I've had a couple of meetings lately dealing with more things that they want me to do. Some of these I see the logic and have no problem with. A couple of them are absolutely worthless in my estimation and are only going to be used so some mope can justify his position. If I'm the guy they always come to to fix everything in the school corporation, then how about cutting me a little slack when it's time to do the busy work? If I can't avoid it, which is how most of it will turn out, then create a little time for me to get it done. I could go back to my policy of a couple of years ago. I just quit fixing things for the school. They threw out at least a $1000.00 worth of desks but because no one other than the custodians knew what we did in the shop to begin with, no one knew I quit fixing things. Didn't really help the situation but I did get a chuckle out of watching the custodian haul the desks out to the dumpster. We've fixed five this week and last, by the way.

I'm down to the fingers on one hand as to how much longer I'm planning on working. In fact, I'm planning on just a couple of fingers worth. In addition to my resolutions about getting the jobs done, I'm working my pre-retirement plan. I've got a guy in mind for the job, so I want everything ready to go rather than everything broke like a new teacher usually encounters.
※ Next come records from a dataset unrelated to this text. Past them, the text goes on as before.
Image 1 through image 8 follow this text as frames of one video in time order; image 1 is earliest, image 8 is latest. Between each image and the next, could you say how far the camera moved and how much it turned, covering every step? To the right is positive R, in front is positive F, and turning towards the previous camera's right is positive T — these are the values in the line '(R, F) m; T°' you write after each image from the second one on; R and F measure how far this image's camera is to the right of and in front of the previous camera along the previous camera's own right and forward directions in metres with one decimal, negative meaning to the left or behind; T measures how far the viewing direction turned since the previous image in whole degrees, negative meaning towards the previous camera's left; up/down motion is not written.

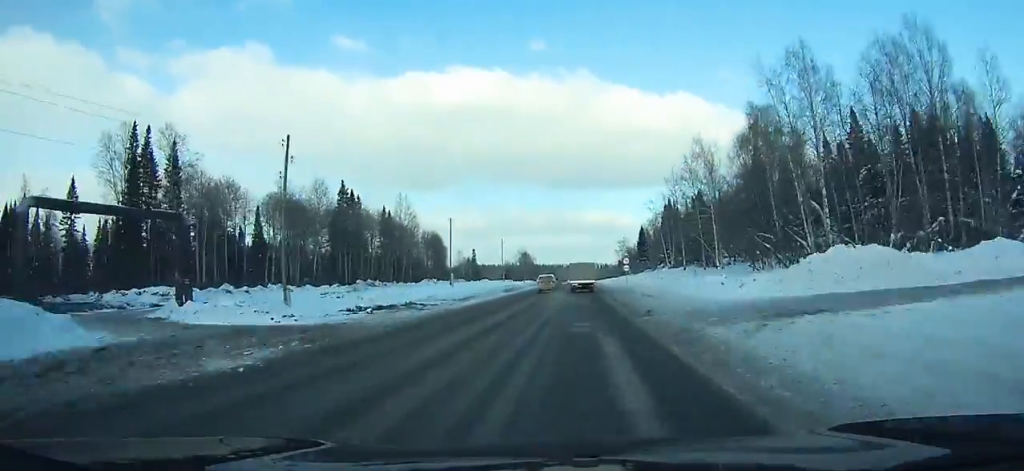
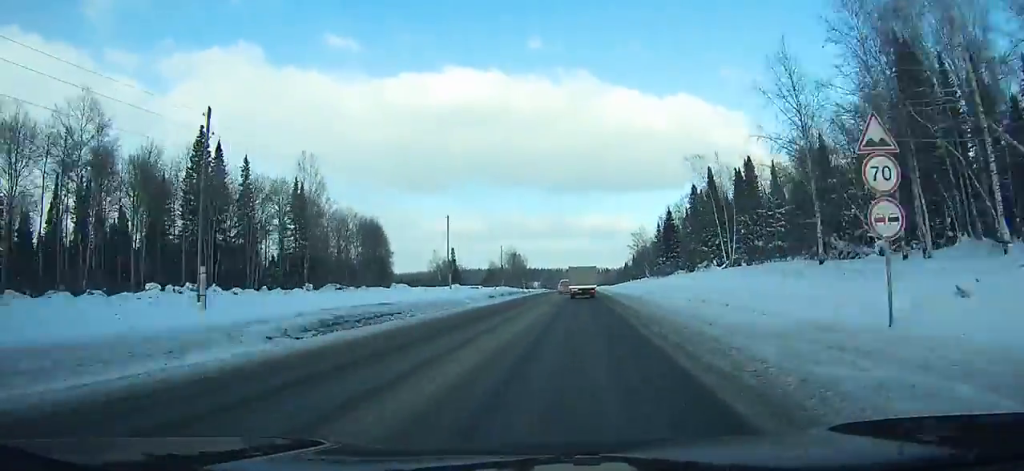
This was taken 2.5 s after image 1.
(0.0, +52.9) m; 0°
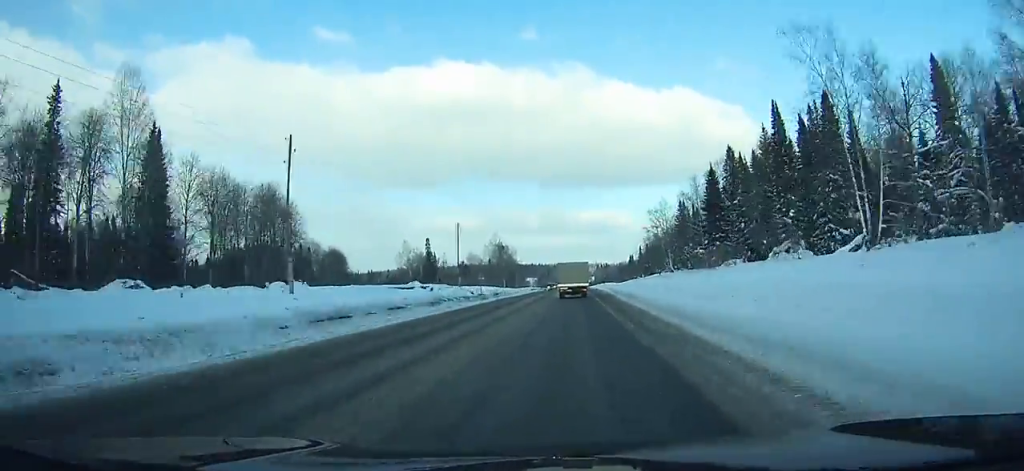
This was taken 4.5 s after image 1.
(+0.1, +41.8) m; 0°
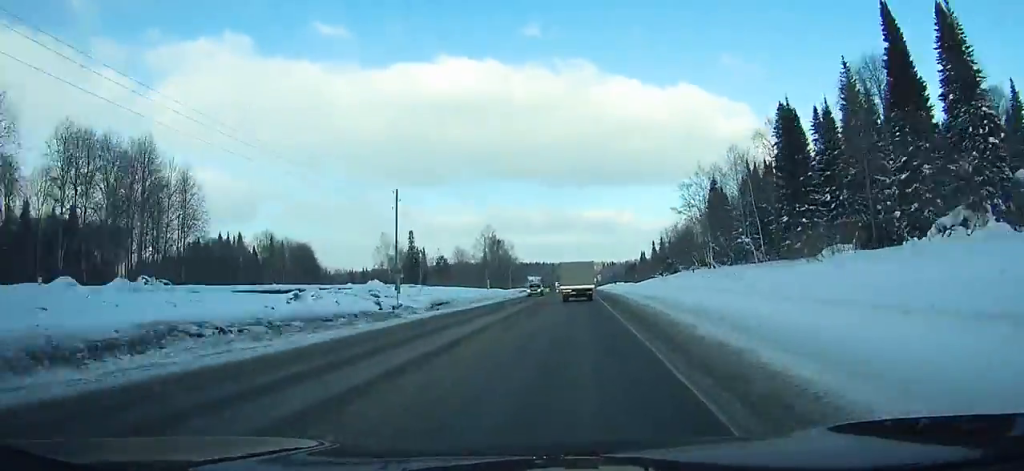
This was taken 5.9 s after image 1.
(-0.1, +28.1) m; 0°
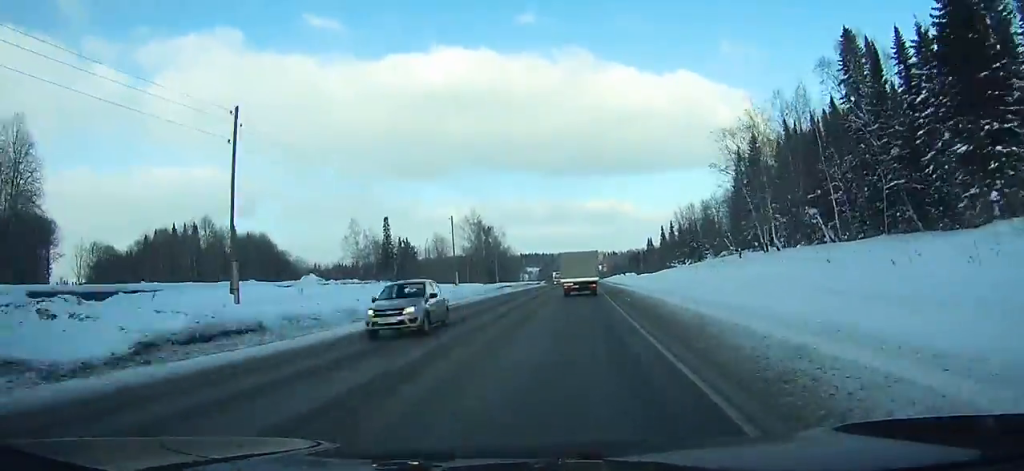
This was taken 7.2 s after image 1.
(+0.1, +26.0) m; 0°
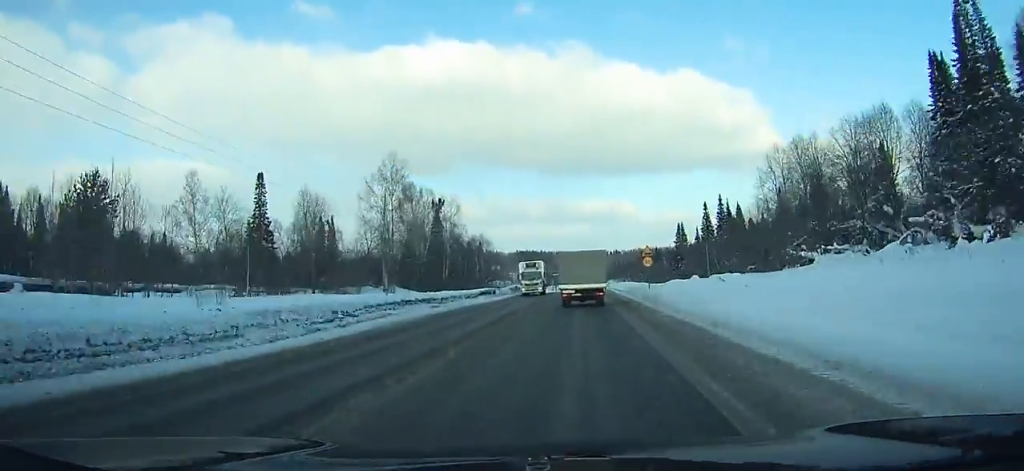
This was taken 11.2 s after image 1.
(-0.7, +71.4) m; 0°
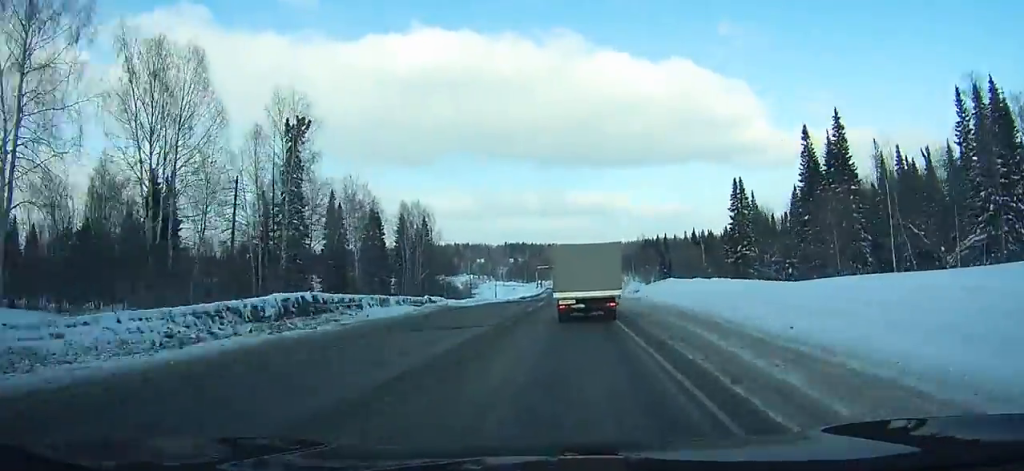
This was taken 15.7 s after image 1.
(+0.6, +68.0) m; +2°
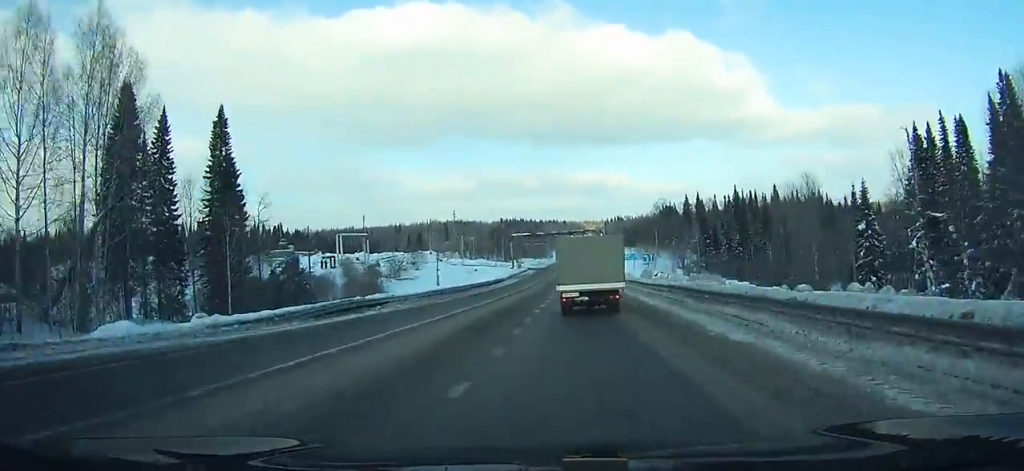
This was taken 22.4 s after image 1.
(+0.6, +88.4) m; 0°

So if I need to throttle back my disgruntled employee routine, so be it. Plus I'm working on getting everything at home ready to go when I no longer have the luxury of using the school's equipment which requires me to use the school's equipment.

So the finish out the career goal now becomes:
Do the minimum of the stupid crap they want done.
Do the maximum of what I want done.
Have as much fun as possible while staying under the radar.

Now that I see it in writing, it pretty well sums up my career.

5 comments:

tvi said...

HI "BOB"'

STUPID SHIT IS STUPID SHIT! IF MY SON WENT TO YOUR SCHOOL, YOU MIGHT BE THE ONLY TEACHER I WOULD NOT HAVE A PROBLEM WITH. UNFORTUNATELY YOU WILL JUST BE REPLACED, AND PROBABLY NOT MISSED. WHAT A SYSTEM WE HAVE WHERE THE GOOD TEACHERS ARE CAST OFF AND REPLACED WITH ONES WHO DON'T CARE.

YOU KNOW MY THOUGHTS ON THE EDUCATION SYSTEM IN THIS COUNTRY, SO I'M NOT GOING TO RAMBLE ON ABOUT THEM. IT SEEMS TO ME THAT THE MEETINGS YOU WERE DISCUSSING ARE JUST ANOTHER SYMPTOM OF THE UPHILL BATTLE GOOD TEACHERS ARE FACING.

GOOD LUCK WITH YOUR RETIREMENT PLAN, YOU KNOW I'LL BE ROOTING FOR YOU.

TALK TO YOU SOON,

TVI

Shop Teacher Bob said...

As you well know, it's not just the school systems. Heavy equipment mechanics have to deal with bureaucracy as well and up until a couple of years ago, things here were going pretty smooth. I just want to go out on top instead of being some crabby old fart nobody wants to be around. I'll keep working the plan and that, plus the fact there's a good man in the wings, should see me through.

leroy99 said...

Thanks for the kind words if you’re talking about me! 16 credits with soc and psyc is keeping me pretty busy but if you want to tie with you going out and me coming in I got to keep after it!! Looks like you have been keeping pretty busy and knocking out some of those projects!! Talk to ya later. Dave

Grumpyunk said...

Any way you can come up w/ a CNC machine in the time remaining? Your ass would be awesome w/ one of those in the shop.

"Do the maximum of what I want done.
Have as much fun as possible while staying under the radar." - Yep. Great LIFE plan & not just retirement.

Shop Teacher Bob said...

leroy99: I'm talking about you, sport. You keep taking classes and we'll get the race to the finish line synchronized. I just don't want to drag up and have them close the program because they can't find a replacement.

Unk: Not much chance for a CNC. I had access to one at the old school and I made some cool stuff but I'm looking to retire, not go into production - just lay around the shack and pick shit with the chickens.